At this time, I am inclined to reject the paper, but I remain open to changing my evaluation upon addressing these concerns.

Concerns:

  1. As mentioned in the paper, due to the computational cost of performing the attack, you have only tested a subset of 512 images, which is not sufficient to draw a conclusion about the superiority of your method. I would like to understand which part of your method takes more time, whether it is the localization step or the restoration step. I have tested repainting methods, and it takes approximately 7 minutes to repaint a small area in a single photo.
  2. I would also like to know how good your approximation of the gradient is and why your method does not suffer from gradient obfuscation.
  3. Why did you choose text-guided diffusion models in the first place? What happens if we leverage original diffusion models used in recent works to improve adversarial robustness? (Please check out https://robustbench.github.io/)
  4. What does the close interaction between two parts (models) of your framework mean, as you mentioned it a couple of times in the paper? I haven't understood why it would be beneficial. (I see a lack of justification for this design choice.) Please show the opposite result when using different models.
  5. Regarding the prompt tuning, I would like to see the effect of different kinds of manual prompts other than what you have mentioned in the paper, "adversarial" and "clean." Please choose related or unrelated prompts. Related (“corrupted” and “uncorrupted”), (“low quality”, “high quality”), unrelated (“image”, “image”), try random words as well.
  6. Regarding your results tables, "MEAN+STD" is missing, especially since you have only tested on 512 examples.
  7. The use of GDPA is unclear, as it seems weaker than other attacks, which, from your presentation in the paper, conveys that it is a stronger attack that optimizes the location of the patch.
  8. Would it be necessary to test your method against the following attacks, as I have seen that previous works have been tested on: Masked PGD (MPGD), Masked AutoPGD (MAPGD), Masked Carlini-Wagner (MCW)?
  9. "Cross-model transferability" does not seem surprising, as you have already mentioned that manual prompting works well, so the same prompt settings work for other models.
  10. The provided code is not complete, and implementation is missing; also, some parts have syntax errors.
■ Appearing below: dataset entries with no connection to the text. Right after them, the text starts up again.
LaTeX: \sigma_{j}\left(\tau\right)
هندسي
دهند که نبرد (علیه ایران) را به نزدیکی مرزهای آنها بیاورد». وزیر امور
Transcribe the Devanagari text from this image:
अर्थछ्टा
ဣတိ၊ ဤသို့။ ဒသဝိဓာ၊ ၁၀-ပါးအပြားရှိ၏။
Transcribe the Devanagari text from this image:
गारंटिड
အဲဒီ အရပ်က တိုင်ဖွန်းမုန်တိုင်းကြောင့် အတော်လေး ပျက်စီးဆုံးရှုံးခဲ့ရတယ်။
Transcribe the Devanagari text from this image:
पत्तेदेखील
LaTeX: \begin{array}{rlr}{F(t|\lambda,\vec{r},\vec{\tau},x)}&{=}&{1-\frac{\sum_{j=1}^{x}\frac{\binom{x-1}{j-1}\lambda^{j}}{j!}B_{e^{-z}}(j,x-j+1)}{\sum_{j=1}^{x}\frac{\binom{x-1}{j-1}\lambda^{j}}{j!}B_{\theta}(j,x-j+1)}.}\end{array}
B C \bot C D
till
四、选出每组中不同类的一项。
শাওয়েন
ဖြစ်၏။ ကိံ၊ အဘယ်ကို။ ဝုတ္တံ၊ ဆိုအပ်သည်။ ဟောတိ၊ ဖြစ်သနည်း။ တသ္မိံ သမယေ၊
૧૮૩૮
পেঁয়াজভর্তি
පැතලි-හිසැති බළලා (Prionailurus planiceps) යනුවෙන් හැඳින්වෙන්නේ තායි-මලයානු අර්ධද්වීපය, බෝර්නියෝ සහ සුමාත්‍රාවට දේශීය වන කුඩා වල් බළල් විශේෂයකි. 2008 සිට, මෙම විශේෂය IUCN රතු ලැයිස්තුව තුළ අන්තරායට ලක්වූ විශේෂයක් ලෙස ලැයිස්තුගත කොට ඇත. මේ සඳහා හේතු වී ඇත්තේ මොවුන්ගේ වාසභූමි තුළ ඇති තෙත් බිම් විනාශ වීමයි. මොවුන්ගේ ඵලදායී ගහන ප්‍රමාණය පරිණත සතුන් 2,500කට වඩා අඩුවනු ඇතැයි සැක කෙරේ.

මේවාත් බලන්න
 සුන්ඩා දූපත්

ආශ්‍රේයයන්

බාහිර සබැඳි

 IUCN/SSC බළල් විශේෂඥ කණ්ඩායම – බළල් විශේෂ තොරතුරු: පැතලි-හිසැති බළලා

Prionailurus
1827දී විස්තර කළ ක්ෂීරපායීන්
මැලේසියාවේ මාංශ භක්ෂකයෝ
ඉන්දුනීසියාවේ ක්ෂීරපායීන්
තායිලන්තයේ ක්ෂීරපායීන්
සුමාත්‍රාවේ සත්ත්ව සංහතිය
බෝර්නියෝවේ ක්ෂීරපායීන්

Things that also can be fixed:

  1. There are more papers that use diffusion models for purification; please check them out and cite them properly in the paper.
  2. The first part of the related work is very similar to the introduction section; please consider rewording it.
  3. Figure 2 which shows the structure of your framework has not been referred to in the paper.
  4. The format of citations is different; sometimes "(" comes without a space between the sentence and the citation.
  5. There is a lack of justification (explanation) for each individual loss in section 4.3.

Very important: Section 3.3 (PROMPT TUNING): The citation of "(Zhou et al., 2022)" in your sentence can lead to the argument that you have proposed the "prompt tuning" method!!

问题

  1. Section 3.2 (DIFFENDER)
    1. What is the noise ratio?
    2. Why should you be able to estimate the mask by taking the difference between x_adv and x_p?
    3. What is the comparison of computational cost between predicting the mask using the mentioned two methods?
    4. Why do you need to have two versions with a prompt and empty text?
  2. Section 3.3 (PROMPT TUNING)
    1. Where does the ground-truth mask come from?
  3. Section 4.1 (EXPERIMENTAL SETTINGS)
    1. Why did you need to use STE for performing an attack?
    2. Why do you need to use EOT + BPDA attack?
  4. Section 4.2 (EVALUATION ON IMAGENET)
    1. What is an 8-shot process?
  5. Section 4.3 (ABLATION STUDIES AND ADDITIONAL RESULTS)
    1. How did you train the model without the restoration step, and what did you do with the localized area of the attack (zero it out)? If your localization steps work correctly, you should have achieved better results, as previous work, like PatchZero, showed better performance.